We only import x_train and x_test without the labels i.e. y_train and y_test because we do not need labels for unsupervised learning. Now, we have to create the autoencoder. First, we determine the size we want our encoded dimensions to be. We can try 32:

encoding_dim = 32  #32 floats

We define a matrix with the size of our input images:

input_img = keras.Input(shape=(784,))

Now, we define the encoded representation of the input:

encoded = layers.Dense(encoding_dim, activation='relu')(input_img)

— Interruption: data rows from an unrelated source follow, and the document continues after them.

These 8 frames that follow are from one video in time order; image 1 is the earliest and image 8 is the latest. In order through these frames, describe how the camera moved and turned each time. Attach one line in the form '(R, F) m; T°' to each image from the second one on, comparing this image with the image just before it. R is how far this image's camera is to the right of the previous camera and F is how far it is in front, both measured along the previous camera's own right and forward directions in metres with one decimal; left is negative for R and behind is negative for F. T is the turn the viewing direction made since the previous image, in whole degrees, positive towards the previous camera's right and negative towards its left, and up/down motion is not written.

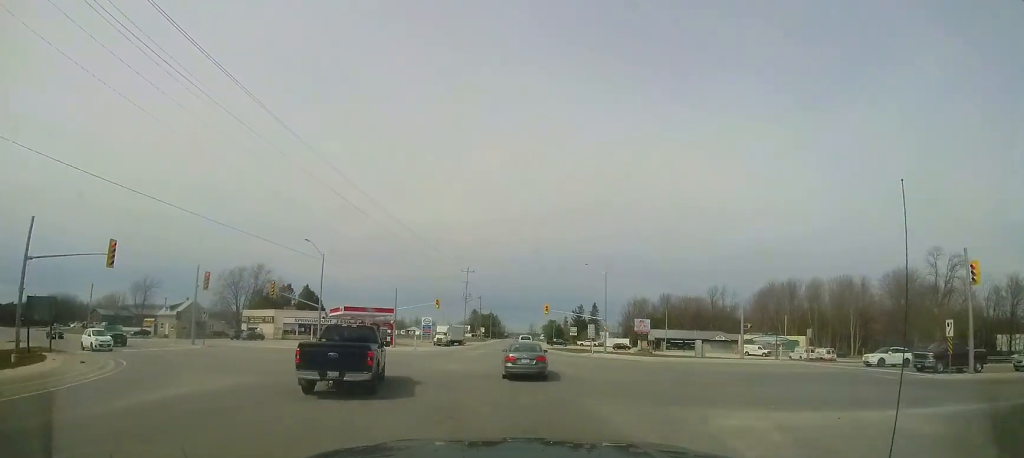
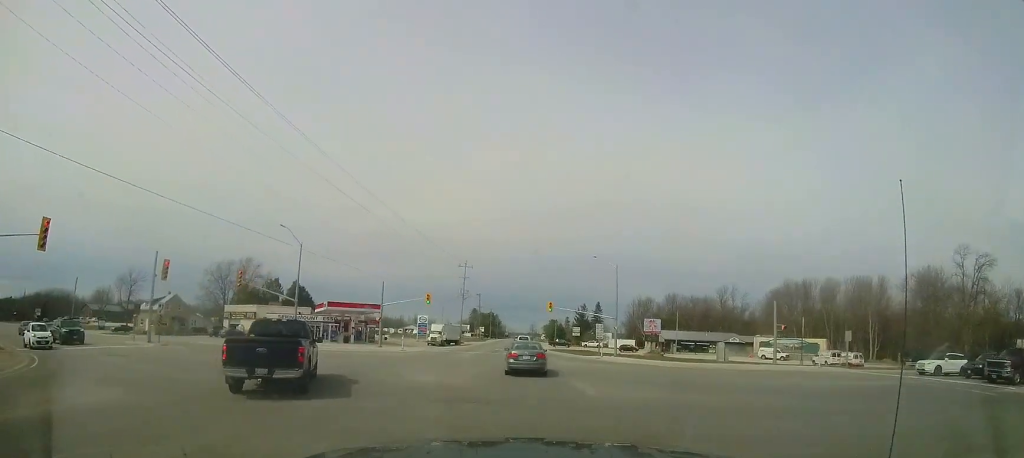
(0.0, +4.2) m; 0°
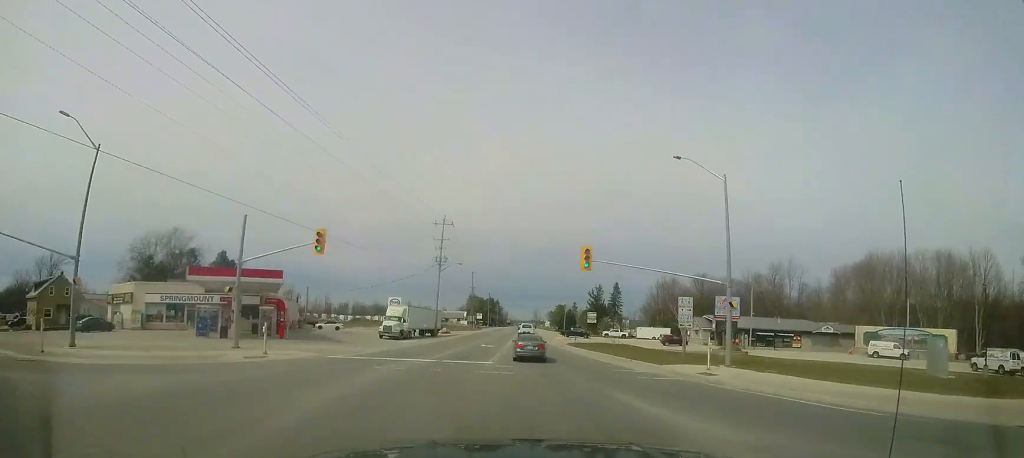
(-0.1, +20.8) m; 0°
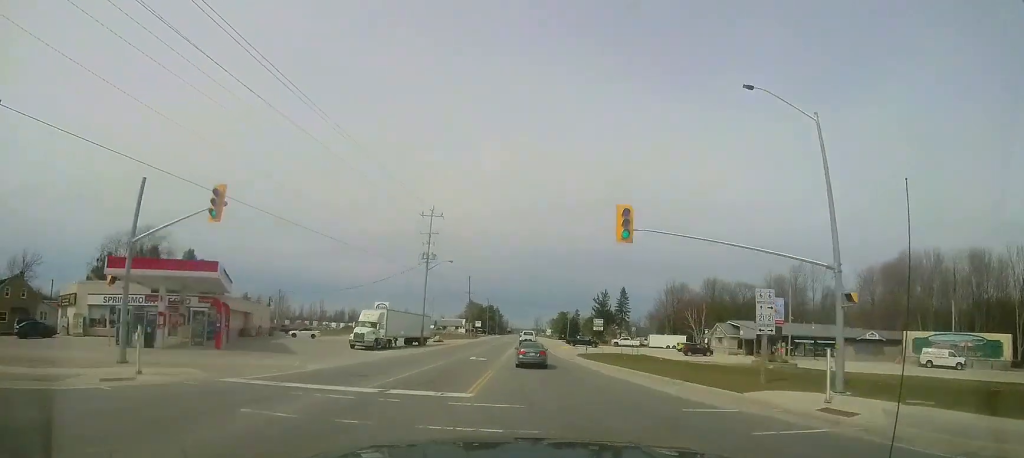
(-0.2, +6.9) m; 0°
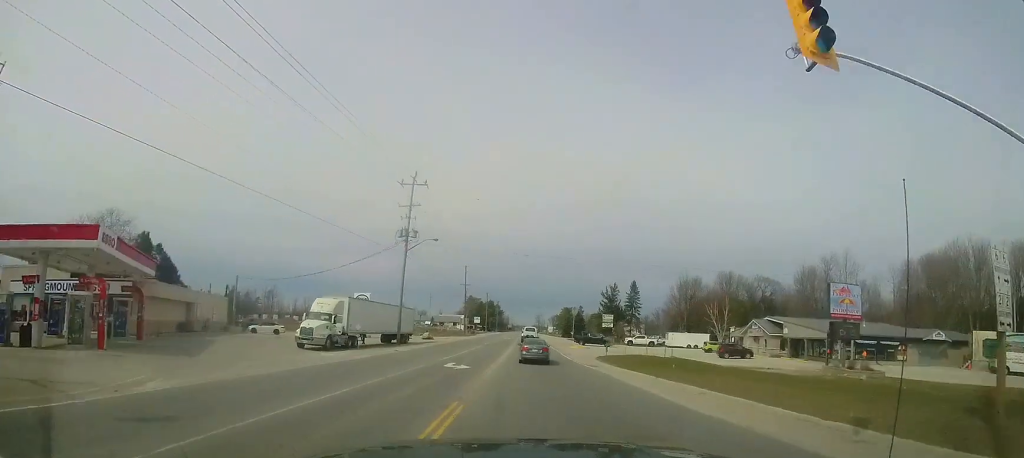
(+0.1, +8.9) m; 0°
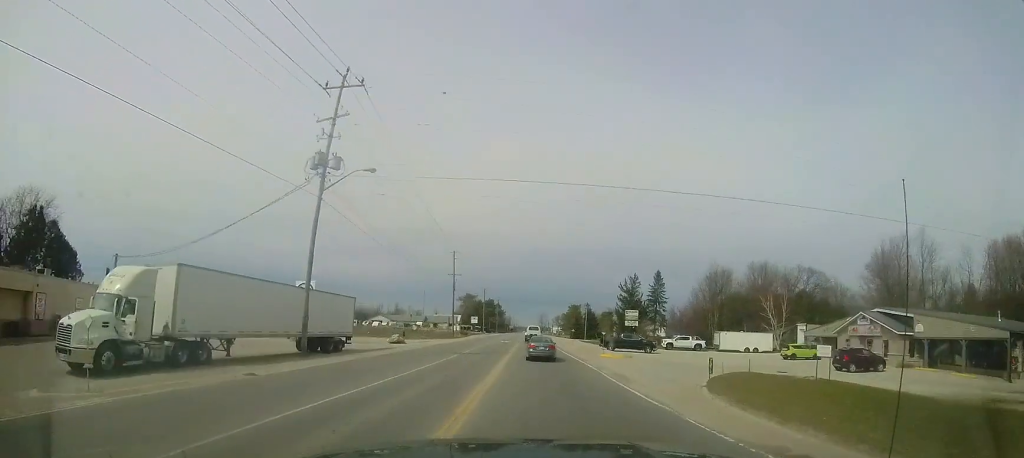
(+0.1, +17.1) m; 0°
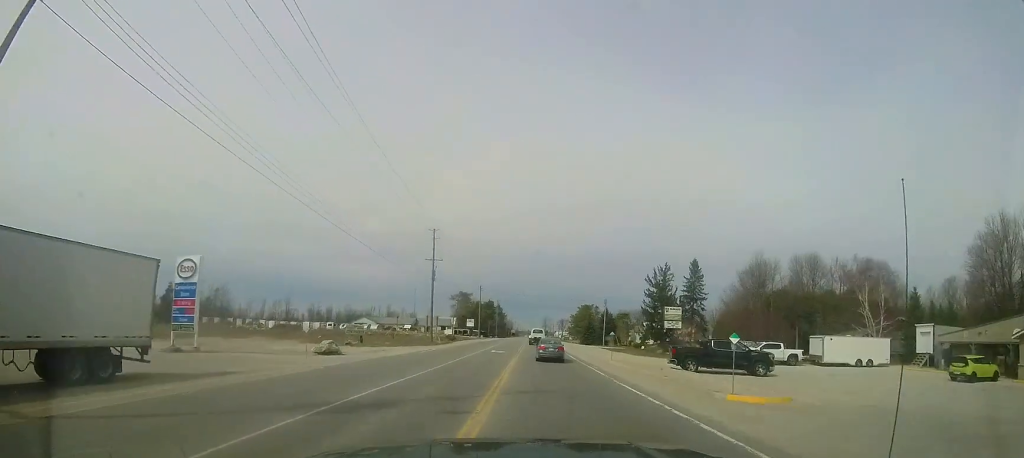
(0.0, +18.6) m; 0°
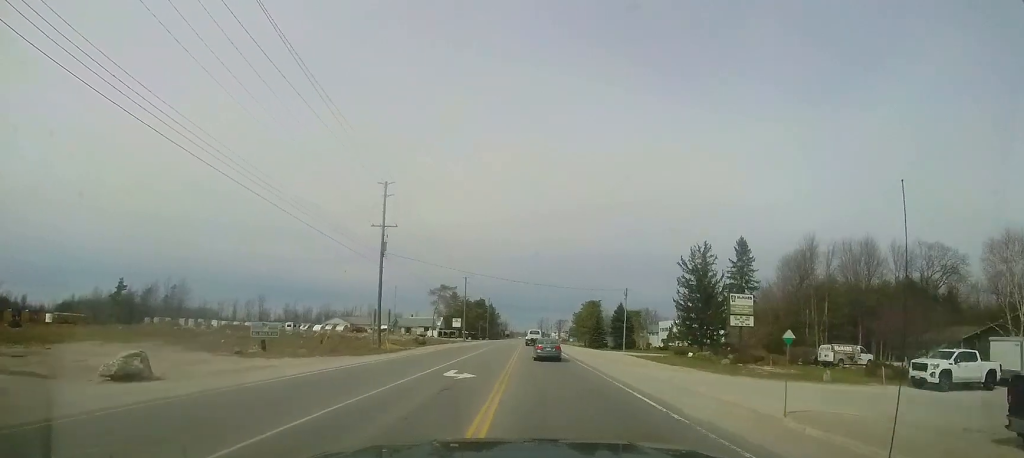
(0.0, +17.6) m; 0°

This line takes an input with the size of the input_img and outputs into the variable encoded, a representation with the size of the encoding_dim, using the relu activation function.

Now, we define the lossy reconstruction of the input:

decoded = layers.Dense(784, activation='sigmoid')(encoded)

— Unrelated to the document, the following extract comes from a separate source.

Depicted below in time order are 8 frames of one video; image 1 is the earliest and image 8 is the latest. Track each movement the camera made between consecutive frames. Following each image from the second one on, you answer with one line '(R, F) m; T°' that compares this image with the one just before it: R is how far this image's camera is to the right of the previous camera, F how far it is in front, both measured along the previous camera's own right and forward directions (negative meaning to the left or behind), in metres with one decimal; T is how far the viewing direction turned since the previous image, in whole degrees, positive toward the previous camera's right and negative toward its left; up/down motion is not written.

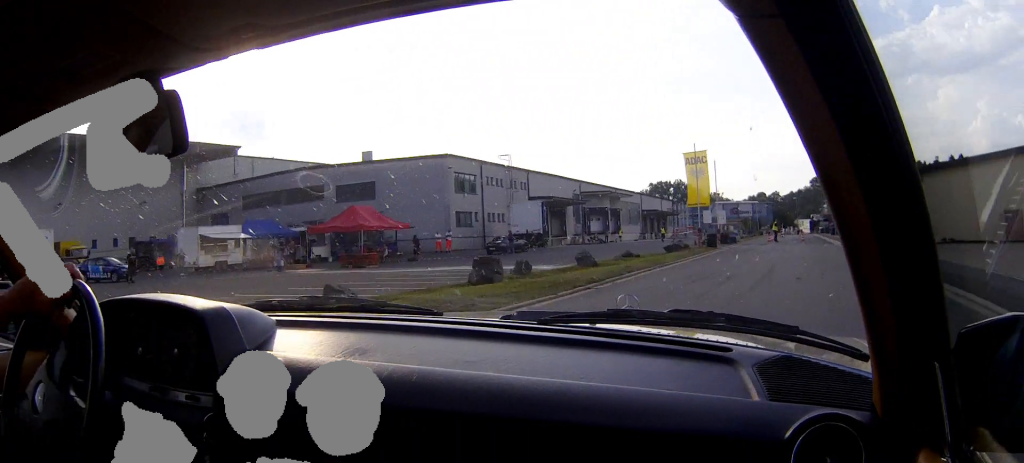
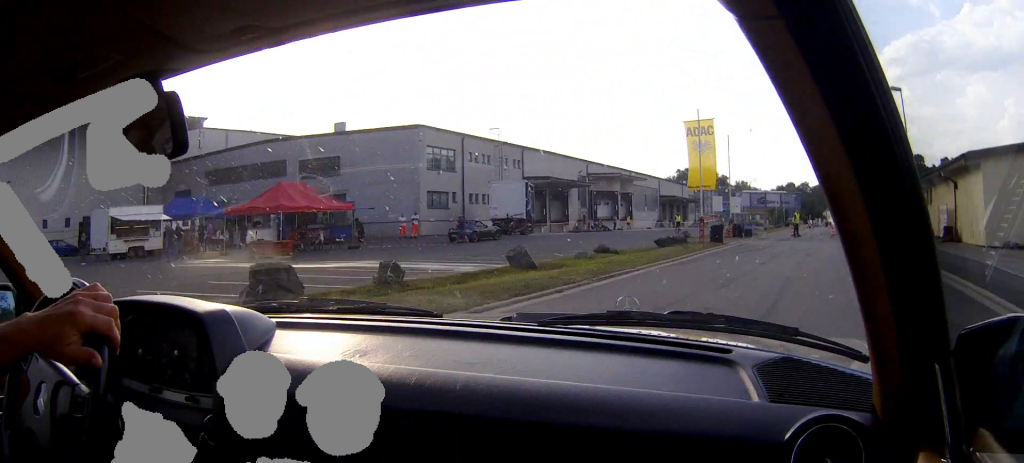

This line takes an input with the size of encoded and outputs into the variable decoded, a representation with the size of 784 (which is the size of the input), using the sigmoid activation function.

We also need to define a model that maps an input to its reconstruction:

autoencoder = keras.Model(input_img, decoded)

Now, we define the encoder and decoder. First, the encoder:

encoder = keras.Model(input_img, encoded)

It maps an input image to its encoded representation.

Then, the decoder:

Just like for the encoder, we need to define a matrix with the size of our compressed images. We also need to retrieve the last layer of the autoencoder model, i.e. the decoder layer:

encoded_input = keras.Input(shape=(encoding_dim,))
decoder_layer = autoencoder.layers[-1]
decoder = keras.Model(encoded_input, decoder_layer(encoded_input))

Now, we compile compile our model:

autoencoder.compile(optimizer='adam', loss='binary_crossentropy')

We need to normalize the input data and flatten it:

x_train = x_train.astype('float32') / 255.
x_test = x_test.astype('float32') / 255.
x_train = x_train.reshape((len(x_train), np.prod(x_train.shape[1:])))
x_test = x_test.reshape((len(x_test), np.prod(x_test.shape[1:])))

We can view the shape of our data:

print(x_train.shape)
print(x_test.shape)

Now, we can train our autoencoder. We need to set the number of epochs, batch size and other parameters if you want. We could have separated the data into training, testing and validation sets, but for this tutorial, we used only training and testing, therefore, we used the training data as the validation set. You can also try this using the three splits.

autoencoder.fit(x_train, x_train, epochs=50, batch_size=256,
                 shuffle=True, validation_data=(x_test, x_test))

Now, we want to visualize the original images and the reconstructed input. We create the compressed representation using the encoder, and then recreate the input using the decoder:

encoded_imgs = encoder.predict(x_test)
decoded_imgs = decoder.predict(encoded_imgs)

We will use the library matplotlib.pyplot for plotting. We can keep the import down here, but it is always good practice to place it at the beginning with the other imports.

import matplotlib.pyplot as plt

n = 10 # How many digits we will display
plt.figure(figsize=(20, 4))
for i in range(n):
    # Display original
    ax = plt.subplot(2, n, i + 1)
    plt.imshow(x_test[i].reshape(28, 28))
    plt.gray()
    ax.get_xaxis().set_visible(False)
    ax.get_yaxis().set_visible(False)

    # Display reconstruction
    ax = plt.subplot(2, n, i + 1 + n)
    plt.imshow(decoded_imgs[i].reshape(28, 28))
    plt.gray()
    ax.get_xaxis().set_visible(False)
    ax.get_yaxis().set_visible(False)
plt.show()

This is the result:

The first row is the original and the second row is the reconstructed input. We can see that the output is degraded. There are ways of improving this, however, this is all about the basics, so we will stick to that.

Conclusion

There are various ways to improve the simple autoencoder. The other types of autoencoders above are improvements of the simple autoencoder. We can add more layers, add dropouts or regularization or use a convolutional neural network instead of an artificial neural network. Hopefully, in the next tutorials, we can explore these improvements and other types of autoencoders.